> [TASK INSTRUCTIONS]
Each entry below needs to be transcribed verbatim; the images should not appear.

> [DATA FOR ANALYSIS]
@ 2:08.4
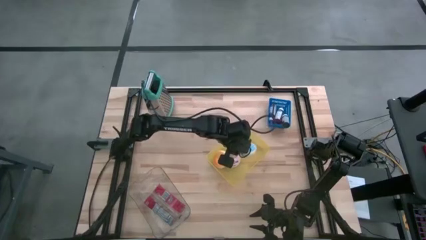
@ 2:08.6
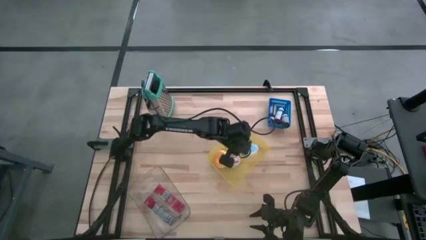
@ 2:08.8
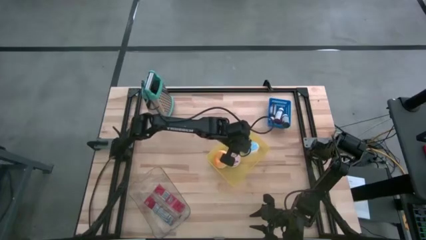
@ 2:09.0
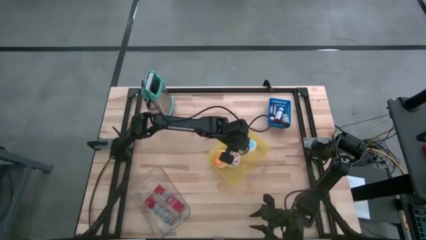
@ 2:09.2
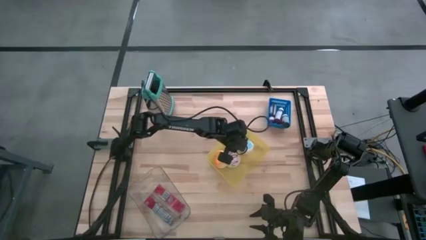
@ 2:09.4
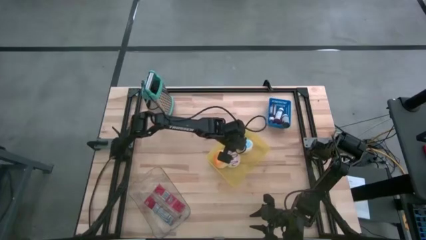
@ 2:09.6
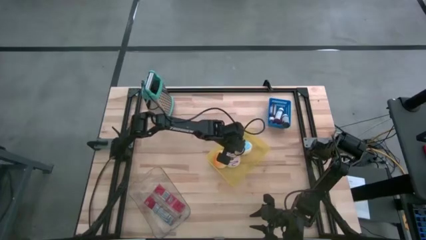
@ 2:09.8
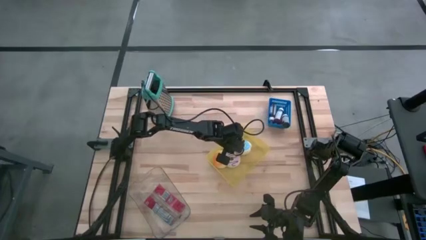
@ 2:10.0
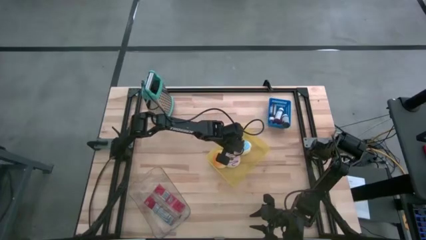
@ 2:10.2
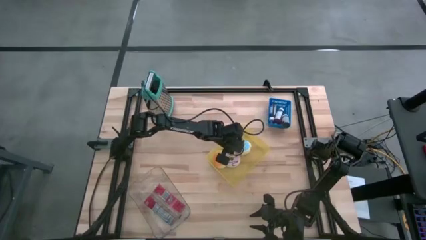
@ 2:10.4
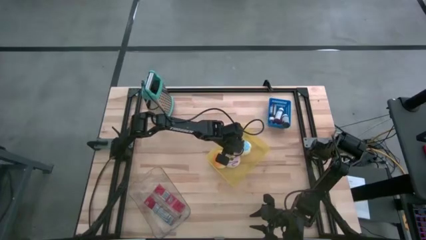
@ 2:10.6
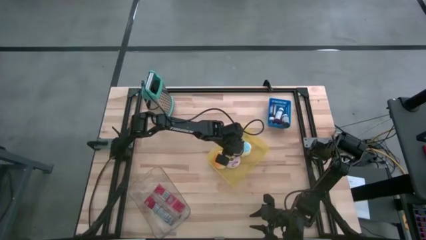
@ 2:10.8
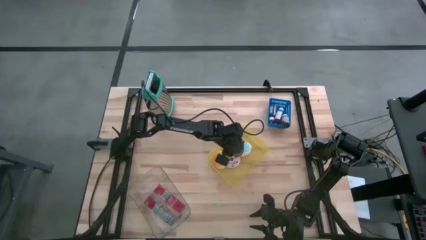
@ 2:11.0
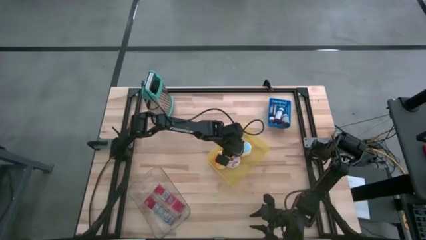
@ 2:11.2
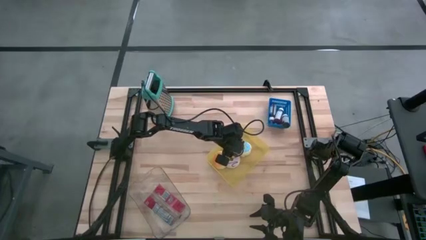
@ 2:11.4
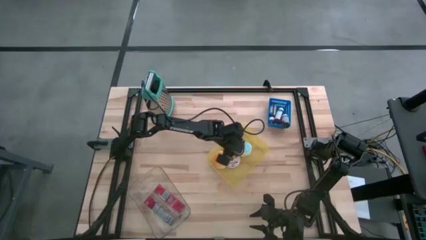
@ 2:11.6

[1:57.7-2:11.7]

> [SOLUTION TO THIS TASK]
@ 2:08.4
@ 2:08.6
@ 2:08.8
@ 2:09.0
@ 2:09.2
@ 2:09.4
@ 2:09.6
@ 2:09.8
@ 2:10.0
@ 2:10.2
@ 2:10.4
@ 2:10.6
@ 2:10.8
@ 2:11.0
@ 2:11.2
@ 2:11.4
@ 2:11.6

[1:57.7-2:11.7]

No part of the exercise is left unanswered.